> Problem description
Restate all entries word for word, minus pictures.

> Record extracts
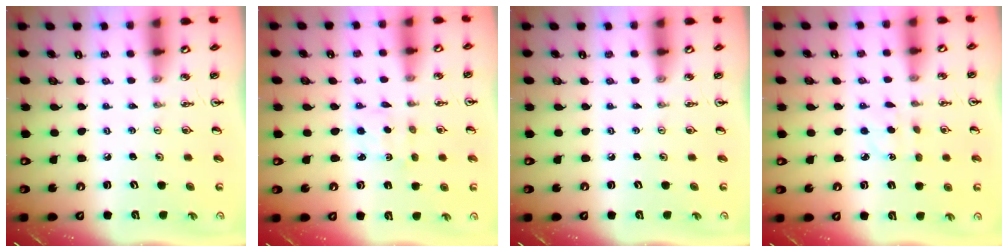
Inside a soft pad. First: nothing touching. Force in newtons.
{"total": 2.5, "press": 2.4, "slide": 0.6}
{"total": 0.0}
{"total": 2.7, "press": 2.6, "slide": 0.4}
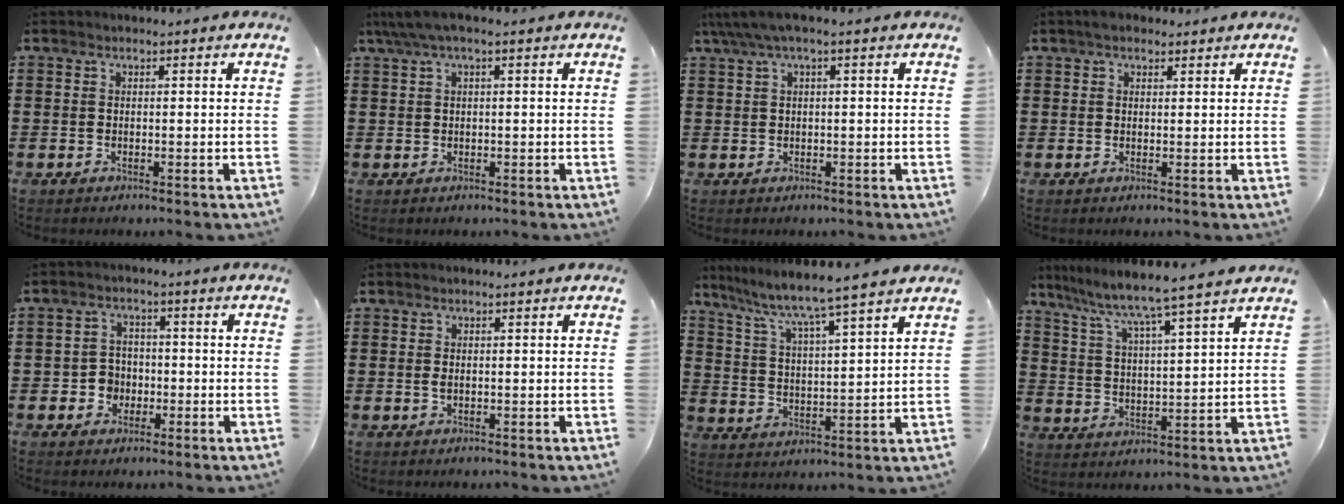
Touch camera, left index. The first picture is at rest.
{"total": 2.3, "force": [0.6, 0.3, 2.2], "torque": [-0.047, -0.001, 0.007]}
{"total": 2.2, "force": [0.3, 0.3, 2.1], "torque": [-0.045, -0.002, 0.002]}
{"total": 1.9, "force": [1.6, 0.9, 0.5], "torque": [-0.014, 0.005, 0.030]}
{"total": 3.4, "force": [-1.1, 3.0, 1.3], "torque": [-0.032, 0.002, -0.023]}
{"total": 0.6, "force": [0.2, 0.1, 0.6], "torque": [-0.013, 0.000, 0.005]}
{"total": 5.7, "force": [4.9, -0.9, 2.7], "torque": [-0.073, -0.041, 0.076]}
{"total": 5.5, "force": [4.8, -1.1, 2.5], "torque": [-0.069, -0.041, 0.072]}
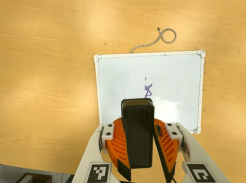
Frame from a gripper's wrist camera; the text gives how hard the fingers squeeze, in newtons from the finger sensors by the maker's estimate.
{"total": 11.0, "left": 10.8, "right": 11.2}
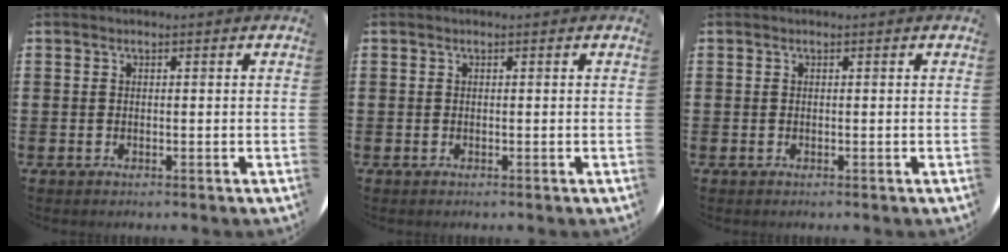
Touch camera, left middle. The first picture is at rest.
{"total": 0.0}
{"total": 0.0}
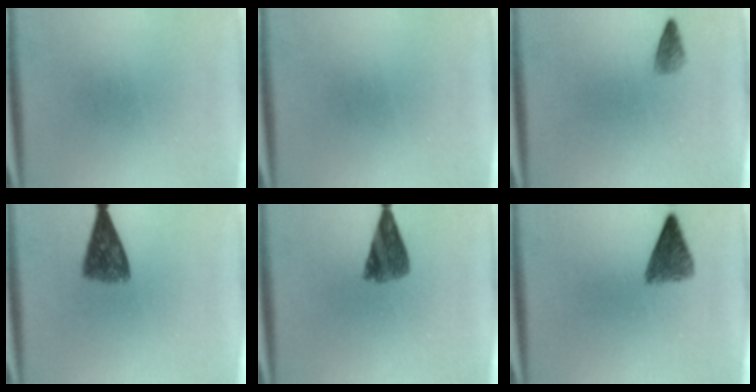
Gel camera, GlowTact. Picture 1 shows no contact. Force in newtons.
{"total": 0.0}
{"total": 1.5}
{"total": 6.1}
{"total": 5.9}
{"total": 4.3}
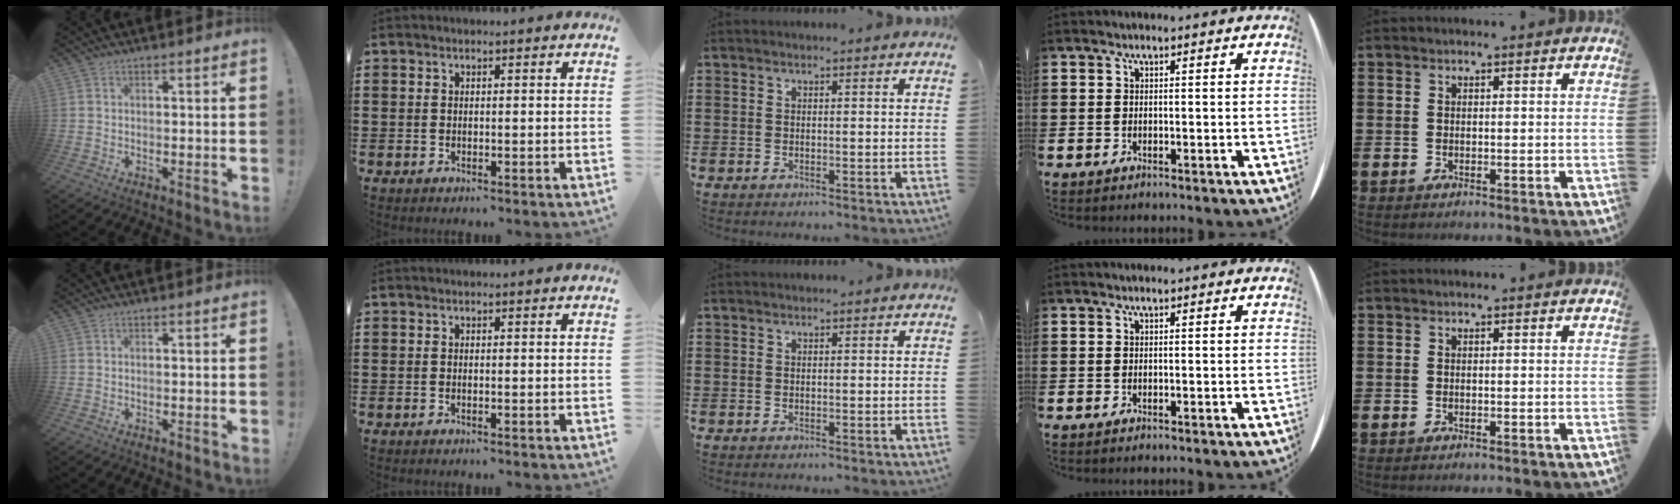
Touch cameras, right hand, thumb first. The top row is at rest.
{}
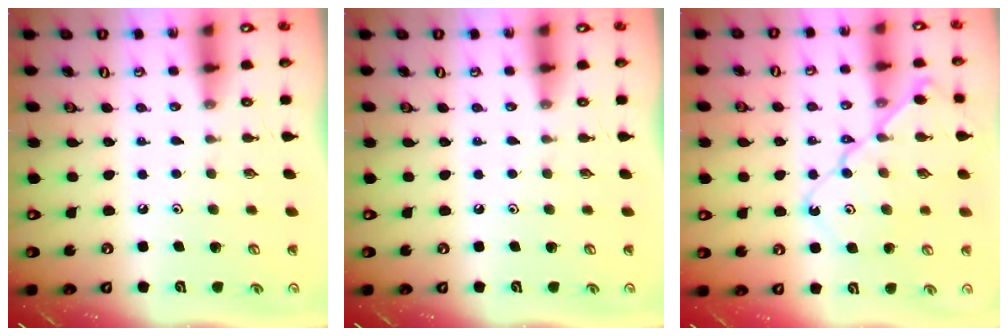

> Written response
Inside a soft pad. First: nothing touching. Force in newtons.
{"total": 2.5, "press": 2.4, "slide": 0.6}
{"total": 0.0}
{"total": 2.7, "press": 2.6, "slide": 0.4}
Touch camera, left index. The first picture is at rest.
{"total": 2.3, "force": [0.6, 0.3, 2.2], "torque": [-0.047, -0.001, 0.007]}
{"total": 2.2, "force": [0.3, 0.3, 2.1], "torque": [-0.045, -0.002, 0.002]}
{"total": 1.9, "force": [1.6, 0.9, 0.5], "torque": [-0.014, 0.005, 0.030]}
{"total": 3.4, "force": [-1.1, 3.0, 1.3], "torque": [-0.032, 0.002, -0.023]}
{"total": 0.6, "force": [0.2, 0.1, 0.6], "torque": [-0.013, 0.000, 0.005]}
{"total": 5.7, "force": [4.9, -0.9, 2.7], "torque": [-0.073, -0.041, 0.076]}
{"total": 5.5, "force": [4.8, -1.1, 2.5], "torque": [-0.069, -0.041, 0.072]}
Frame from a gripper's wrist camera; the text gives how hard the fingers squeeze, in newtons from the finger sensors by the maker's estimate.
{"total": 11.0, "left": 10.8, "right": 11.2}
Touch camera, left middle. The first picture is at rest.
{"total": 0.0}
{"total": 0.0}
Gel camera, GlowTact. Picture 1 shows no contact. Force in newtons.
{"total": 0.0}
{"total": 1.5}
{"total": 6.1}
{"total": 5.9}
{"total": 4.3}
Touch cameras, right hand, thumb first. The top row is at rest.
{}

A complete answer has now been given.